Male influencers participate in a positive masculinity training at the European Union Embassy in Monrovia. The session focused on behavioral change around women’s inclusion and sexual and gender-based violence

By Joyclyn Wea, gender correspondent with New Narratives

Summary

  • A brutal public assault on a woman— and the flood of online reactions that followed — exposed how violence against women now spreads far beyond the street, amplified through phones, social media, into national shaming.
  • A European Union-backed initiative is training male influencers, journalists, youth leaders, and activists from four countries to challenge harmful ideas about masculinity and become allies in tackling sexual and gender-based violence and supporting women’s leadership.
  • Experts say for Liberia’s younger generation, raised on TikTok, Facebook, and WhatsApp, social media has become both a weapon and a window: fueling misogyny and harassment, while also exposing young men to cultures where women hold power and equality looks different.

The video lasted less than two minutes.

A young woman walking through Red Light Market in Monrovia was suddenly surrounded by a group of men who tore the clothes from her body. Her offense, they claimed, was, ironically, dressing indecently. Someone filmed the attack. Within hours, the footage spread across Facebook and WhatsApp, turning a public assault into public shaming on a national scale.
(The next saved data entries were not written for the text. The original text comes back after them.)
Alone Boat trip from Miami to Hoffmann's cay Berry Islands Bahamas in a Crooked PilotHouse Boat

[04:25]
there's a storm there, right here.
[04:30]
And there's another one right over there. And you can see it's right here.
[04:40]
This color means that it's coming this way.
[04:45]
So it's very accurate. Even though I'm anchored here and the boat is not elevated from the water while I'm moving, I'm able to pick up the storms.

The Liberia National Police arrested eleven suspects. But by then, the woman’s humiliation had already traveled across thousands of phones and comment sections.

For many Liberian women, the violence itself was horrifying. The reaction online was worse. Some people condemned the attack. Others laughed, reposted the video, or argued that the woman deserved it.
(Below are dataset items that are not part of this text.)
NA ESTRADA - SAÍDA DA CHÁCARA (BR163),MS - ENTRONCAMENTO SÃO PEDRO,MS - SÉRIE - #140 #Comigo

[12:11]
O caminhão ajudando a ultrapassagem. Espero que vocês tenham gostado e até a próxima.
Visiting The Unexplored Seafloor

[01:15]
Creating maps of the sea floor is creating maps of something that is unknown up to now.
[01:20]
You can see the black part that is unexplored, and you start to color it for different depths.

Experts say the incident, and the flood of online reactions that followed, exposed something deeper about modern Liberia: violence against women no longer happens only in private. It now lives online too, amplified by social media, shared by strangers, and debated in comment sections that turn cruelty into entertainment.

It is against that backdrop that a new initiative is asking a difficult question: What role do men have in helping to change the culture that enables rampant sexual and gender-based violence?

Last week, the Organization for Women and Children, with support from the European Union and in partnership with the African Women Leaders Network-Liberia Chapter, brought together male influencers from Montserrado, Sinoe, Maryland, and Grand Kru counties for training on positive masculinity, gender equality, and support for women’s leadership.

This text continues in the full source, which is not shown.